1785 heiratete Johann Friedrich Unger seine Verlobte Helene Friederike von Rothenburg[2]. Seine Frau war bereits seit Beginn der 1780er Jahren publizistisch tätig und 1784 mit dem Roman "Julchen Grünthal" weithin berühmt geworden. Auch nach der Eheschließung folgten regelmäßig weitere Veröffentlichungen im Verlag Ungers (siehe Verzeichnis der Publikationen). Zudem übersetzte Helene Friederike Werke aus der französischen und englischen Sprache, darunter etliche Schriften Rousseaus.

1788 begann eine langandauernde Verbindung Ungers mit der Akademie der Wissenschaften. Mit der Verleihung der Stellung eines Akademischen Buchhändlers wurde er für den Verlag der akademischen Schriften verantwortlich. 1894 pachtete Unger zudem das Privileg der Akademie zur Herstellung und zum Vertrieb sämtlicher Kalender der preußischen Staaten. Bereits zwei Jahre später führte dieser Kalenderverlag zu einer scharfen Auseinandersetzung mit der preußischen Zensur. Unger hatte in bestimmten Kalendern zusätzlich zum herkömmlichen Kalendarium den neuen französischen Revolutionskalender abgedruckt. Das führte zum Verbot und zur Einziehung der entsprechenden Exemplare. Unger führte daraufhin als Begründung an, daß es für Personen, die in regelmäßigem Kontakt mit Frankreich stehen, wie z. B. Kaufleute, unerläßlich sei, einen französischen Kalender zur Hand zu haben. Nach längeren Verhandlungen durfte das umstrittene Kalendarium in geringer Auflage wieder gedruckt werden.

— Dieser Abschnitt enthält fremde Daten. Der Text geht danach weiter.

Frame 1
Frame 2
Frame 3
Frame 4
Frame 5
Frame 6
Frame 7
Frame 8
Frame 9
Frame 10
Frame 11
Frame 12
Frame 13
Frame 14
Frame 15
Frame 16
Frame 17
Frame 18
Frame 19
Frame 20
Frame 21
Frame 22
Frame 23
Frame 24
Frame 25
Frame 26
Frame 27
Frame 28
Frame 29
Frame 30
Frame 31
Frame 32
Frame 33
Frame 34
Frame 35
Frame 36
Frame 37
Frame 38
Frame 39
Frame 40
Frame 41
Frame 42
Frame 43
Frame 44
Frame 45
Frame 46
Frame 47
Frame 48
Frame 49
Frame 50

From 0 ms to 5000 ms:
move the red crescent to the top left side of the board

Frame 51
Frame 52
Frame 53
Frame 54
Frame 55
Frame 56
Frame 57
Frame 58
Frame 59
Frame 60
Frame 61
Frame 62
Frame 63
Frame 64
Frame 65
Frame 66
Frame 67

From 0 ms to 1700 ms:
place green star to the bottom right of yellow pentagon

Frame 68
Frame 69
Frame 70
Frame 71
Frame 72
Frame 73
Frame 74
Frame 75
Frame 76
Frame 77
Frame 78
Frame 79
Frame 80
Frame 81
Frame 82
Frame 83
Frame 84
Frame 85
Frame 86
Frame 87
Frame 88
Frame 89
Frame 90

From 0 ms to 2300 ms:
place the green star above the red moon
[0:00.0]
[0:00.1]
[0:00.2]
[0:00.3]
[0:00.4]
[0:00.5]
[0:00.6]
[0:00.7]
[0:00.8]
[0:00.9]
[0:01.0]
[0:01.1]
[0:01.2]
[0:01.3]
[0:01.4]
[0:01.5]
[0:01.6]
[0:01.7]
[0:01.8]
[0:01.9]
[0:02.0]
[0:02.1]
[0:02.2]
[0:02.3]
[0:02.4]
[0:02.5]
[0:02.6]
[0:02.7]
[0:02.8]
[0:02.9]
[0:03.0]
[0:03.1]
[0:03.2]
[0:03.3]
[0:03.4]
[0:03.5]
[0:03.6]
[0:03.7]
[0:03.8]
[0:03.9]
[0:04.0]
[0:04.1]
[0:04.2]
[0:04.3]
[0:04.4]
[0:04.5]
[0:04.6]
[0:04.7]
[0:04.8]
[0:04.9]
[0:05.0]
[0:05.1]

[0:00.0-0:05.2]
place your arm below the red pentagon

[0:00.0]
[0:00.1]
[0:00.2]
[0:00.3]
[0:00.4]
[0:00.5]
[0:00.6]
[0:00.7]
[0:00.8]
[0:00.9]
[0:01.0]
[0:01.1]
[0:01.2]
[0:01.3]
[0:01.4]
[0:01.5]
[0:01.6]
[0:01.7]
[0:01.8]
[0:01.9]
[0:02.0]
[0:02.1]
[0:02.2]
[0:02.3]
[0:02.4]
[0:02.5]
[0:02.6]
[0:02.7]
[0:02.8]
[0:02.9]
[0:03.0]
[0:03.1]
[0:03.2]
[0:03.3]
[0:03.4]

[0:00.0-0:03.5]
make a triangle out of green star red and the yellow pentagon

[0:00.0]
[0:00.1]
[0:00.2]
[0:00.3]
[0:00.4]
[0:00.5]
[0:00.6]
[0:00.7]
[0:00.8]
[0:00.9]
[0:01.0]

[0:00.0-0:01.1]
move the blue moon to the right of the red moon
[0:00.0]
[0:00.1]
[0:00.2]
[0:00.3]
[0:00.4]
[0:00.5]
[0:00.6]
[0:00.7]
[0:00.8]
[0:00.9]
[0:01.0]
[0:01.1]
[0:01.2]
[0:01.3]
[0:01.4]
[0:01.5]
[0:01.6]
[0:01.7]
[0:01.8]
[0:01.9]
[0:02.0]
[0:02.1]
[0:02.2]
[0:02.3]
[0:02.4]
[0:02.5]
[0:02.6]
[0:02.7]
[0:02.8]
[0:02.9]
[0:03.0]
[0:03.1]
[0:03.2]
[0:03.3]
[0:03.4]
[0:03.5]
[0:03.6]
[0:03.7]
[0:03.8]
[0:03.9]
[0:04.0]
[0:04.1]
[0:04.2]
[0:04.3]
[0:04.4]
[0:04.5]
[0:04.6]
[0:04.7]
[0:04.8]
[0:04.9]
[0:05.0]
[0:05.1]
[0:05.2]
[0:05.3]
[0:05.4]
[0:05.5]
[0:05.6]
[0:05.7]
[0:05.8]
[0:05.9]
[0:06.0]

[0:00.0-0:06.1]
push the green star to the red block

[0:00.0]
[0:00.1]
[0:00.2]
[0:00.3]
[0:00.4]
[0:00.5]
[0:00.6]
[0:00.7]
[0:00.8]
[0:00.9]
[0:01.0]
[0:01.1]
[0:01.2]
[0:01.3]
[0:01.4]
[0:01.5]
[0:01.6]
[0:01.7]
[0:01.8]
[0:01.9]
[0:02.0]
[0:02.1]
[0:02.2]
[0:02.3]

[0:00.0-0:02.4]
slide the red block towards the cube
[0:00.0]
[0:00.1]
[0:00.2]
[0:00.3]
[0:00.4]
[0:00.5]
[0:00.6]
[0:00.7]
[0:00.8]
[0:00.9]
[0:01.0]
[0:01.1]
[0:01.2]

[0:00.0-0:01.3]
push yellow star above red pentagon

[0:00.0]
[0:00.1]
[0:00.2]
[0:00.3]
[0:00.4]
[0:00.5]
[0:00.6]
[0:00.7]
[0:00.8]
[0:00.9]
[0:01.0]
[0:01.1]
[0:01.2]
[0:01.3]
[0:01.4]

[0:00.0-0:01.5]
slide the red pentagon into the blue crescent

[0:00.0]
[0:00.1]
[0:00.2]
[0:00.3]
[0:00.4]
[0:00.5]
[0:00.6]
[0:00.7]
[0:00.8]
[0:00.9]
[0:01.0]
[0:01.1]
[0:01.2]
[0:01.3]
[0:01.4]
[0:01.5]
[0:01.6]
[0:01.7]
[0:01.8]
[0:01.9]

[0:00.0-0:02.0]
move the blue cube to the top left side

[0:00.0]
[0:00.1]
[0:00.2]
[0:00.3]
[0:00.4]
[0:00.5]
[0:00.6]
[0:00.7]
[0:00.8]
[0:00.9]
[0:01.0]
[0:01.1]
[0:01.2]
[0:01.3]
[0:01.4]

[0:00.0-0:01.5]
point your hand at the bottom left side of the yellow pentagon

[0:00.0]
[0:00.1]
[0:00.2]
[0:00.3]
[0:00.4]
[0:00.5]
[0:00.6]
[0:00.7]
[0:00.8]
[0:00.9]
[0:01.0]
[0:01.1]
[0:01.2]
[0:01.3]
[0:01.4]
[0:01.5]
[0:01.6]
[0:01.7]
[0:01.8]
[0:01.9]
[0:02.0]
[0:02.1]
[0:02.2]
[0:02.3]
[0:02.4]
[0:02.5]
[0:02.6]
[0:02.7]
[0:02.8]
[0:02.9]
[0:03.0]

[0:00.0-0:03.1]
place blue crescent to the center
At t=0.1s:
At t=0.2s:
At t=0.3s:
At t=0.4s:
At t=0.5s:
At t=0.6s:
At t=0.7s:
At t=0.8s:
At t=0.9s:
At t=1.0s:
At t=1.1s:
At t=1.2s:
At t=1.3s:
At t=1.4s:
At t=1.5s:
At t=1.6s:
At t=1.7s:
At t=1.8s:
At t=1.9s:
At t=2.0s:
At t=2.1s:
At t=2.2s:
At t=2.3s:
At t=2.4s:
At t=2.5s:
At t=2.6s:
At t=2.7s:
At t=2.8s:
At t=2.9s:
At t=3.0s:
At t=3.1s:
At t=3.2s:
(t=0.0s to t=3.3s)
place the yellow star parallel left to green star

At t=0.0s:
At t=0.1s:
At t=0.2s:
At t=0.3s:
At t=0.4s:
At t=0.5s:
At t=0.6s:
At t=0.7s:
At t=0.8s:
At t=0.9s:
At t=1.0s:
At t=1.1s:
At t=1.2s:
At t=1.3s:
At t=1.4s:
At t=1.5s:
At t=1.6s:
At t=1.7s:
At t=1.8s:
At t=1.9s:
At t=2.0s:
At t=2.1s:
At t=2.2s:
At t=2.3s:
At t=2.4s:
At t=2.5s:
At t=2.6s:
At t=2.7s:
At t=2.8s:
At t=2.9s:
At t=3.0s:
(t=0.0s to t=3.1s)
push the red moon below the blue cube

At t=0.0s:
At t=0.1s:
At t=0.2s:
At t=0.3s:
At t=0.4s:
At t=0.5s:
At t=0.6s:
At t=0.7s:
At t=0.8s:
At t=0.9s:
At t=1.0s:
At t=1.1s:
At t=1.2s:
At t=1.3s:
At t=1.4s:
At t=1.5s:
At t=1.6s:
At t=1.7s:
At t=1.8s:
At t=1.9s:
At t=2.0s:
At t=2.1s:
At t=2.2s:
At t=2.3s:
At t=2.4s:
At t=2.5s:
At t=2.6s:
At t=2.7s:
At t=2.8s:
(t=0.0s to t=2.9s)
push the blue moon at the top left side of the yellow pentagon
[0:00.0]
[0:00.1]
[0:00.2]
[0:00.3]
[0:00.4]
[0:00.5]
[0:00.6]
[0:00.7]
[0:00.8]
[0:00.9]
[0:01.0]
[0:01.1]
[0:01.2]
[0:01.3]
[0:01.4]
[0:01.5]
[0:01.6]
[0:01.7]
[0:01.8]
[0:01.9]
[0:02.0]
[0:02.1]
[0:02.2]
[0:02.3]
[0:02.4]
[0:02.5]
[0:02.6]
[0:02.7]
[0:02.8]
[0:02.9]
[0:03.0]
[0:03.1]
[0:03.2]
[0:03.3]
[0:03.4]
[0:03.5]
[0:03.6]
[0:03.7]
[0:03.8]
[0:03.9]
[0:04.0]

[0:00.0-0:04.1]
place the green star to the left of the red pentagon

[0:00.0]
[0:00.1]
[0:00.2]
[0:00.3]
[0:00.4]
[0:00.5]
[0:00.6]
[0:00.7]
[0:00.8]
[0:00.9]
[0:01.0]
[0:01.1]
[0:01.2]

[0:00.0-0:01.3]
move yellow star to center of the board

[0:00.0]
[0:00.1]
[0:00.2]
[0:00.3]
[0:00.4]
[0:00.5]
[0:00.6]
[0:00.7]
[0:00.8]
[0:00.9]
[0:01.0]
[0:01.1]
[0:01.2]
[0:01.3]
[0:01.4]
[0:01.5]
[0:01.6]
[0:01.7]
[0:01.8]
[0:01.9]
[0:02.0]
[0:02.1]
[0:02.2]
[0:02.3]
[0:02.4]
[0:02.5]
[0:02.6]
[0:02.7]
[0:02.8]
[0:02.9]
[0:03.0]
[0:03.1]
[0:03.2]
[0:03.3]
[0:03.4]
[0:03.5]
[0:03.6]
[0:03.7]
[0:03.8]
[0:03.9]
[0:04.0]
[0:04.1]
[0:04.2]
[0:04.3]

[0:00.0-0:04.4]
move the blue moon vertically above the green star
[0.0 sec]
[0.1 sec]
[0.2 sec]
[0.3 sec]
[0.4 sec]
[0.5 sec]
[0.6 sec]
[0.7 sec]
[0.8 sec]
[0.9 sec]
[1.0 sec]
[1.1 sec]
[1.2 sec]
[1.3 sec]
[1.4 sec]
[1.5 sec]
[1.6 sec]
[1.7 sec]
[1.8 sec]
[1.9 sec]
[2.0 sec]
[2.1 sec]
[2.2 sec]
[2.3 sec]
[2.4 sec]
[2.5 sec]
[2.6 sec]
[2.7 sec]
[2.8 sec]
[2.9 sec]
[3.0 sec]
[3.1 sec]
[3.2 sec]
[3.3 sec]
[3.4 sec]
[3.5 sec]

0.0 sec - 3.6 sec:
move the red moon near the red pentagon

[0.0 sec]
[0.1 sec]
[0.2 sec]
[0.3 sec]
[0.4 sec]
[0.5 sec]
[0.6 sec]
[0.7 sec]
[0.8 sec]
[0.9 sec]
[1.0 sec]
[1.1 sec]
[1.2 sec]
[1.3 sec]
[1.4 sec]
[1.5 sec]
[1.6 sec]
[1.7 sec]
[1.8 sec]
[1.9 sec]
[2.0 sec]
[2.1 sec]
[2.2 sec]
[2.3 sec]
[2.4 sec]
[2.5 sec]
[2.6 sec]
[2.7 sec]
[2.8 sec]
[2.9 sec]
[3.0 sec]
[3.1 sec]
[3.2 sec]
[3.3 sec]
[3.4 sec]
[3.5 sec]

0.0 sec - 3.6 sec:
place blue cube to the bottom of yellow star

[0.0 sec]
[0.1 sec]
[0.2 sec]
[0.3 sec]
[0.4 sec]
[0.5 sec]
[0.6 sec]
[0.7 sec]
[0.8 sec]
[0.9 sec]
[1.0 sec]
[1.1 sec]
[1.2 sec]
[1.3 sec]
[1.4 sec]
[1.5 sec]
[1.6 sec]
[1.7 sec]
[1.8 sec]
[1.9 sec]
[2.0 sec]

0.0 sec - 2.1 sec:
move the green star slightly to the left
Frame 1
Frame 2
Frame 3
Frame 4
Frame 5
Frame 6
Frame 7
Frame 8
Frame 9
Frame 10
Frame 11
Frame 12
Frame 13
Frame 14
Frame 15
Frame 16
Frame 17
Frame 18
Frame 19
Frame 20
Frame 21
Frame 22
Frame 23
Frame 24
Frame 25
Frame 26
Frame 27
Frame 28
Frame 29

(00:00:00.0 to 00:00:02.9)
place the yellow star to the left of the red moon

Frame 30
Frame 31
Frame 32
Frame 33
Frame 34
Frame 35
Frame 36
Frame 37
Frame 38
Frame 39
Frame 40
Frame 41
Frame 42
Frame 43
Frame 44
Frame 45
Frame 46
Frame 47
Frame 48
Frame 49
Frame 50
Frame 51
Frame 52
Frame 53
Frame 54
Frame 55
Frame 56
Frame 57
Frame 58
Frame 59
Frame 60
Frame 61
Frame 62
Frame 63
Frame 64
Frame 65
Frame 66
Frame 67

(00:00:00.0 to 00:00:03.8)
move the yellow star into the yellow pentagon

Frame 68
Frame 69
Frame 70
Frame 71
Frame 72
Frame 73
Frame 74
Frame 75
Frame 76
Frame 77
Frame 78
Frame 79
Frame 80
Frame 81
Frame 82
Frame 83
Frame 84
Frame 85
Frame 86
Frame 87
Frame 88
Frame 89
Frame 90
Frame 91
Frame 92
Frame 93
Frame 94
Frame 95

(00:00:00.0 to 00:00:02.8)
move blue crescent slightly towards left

Die Arbeiten auf dem Gebiet des Holzschnitts führten dazu, daß Unger 1790 Mitglied der Akademie der Künste wurde, bald darauf in den Senat dieser Institution eintrat und 1800 die speziell für ihn geschaffene Professur für Holzschneidekunst übertragen bekam.

Seit seiner Hochzeit hatte das Ehepaar Unger in der Brüderstraße, Ecke An der Stechbahn, im "Devrientschen Haus" gewohnt und dort auch die Firma geführt. Dieses Domizil war mit den Jahren zu klein geworden, so daß die Ungers 1789 das Haus Jägerstraße 43, das zuvor die Königliche Lotteriedirektion beherbergt hatte, kauften. Später kam ein Sommerhaus am Rande des Tiergartens hinzu, in dem von Zeit zu Zeit Musikabende stattfanden.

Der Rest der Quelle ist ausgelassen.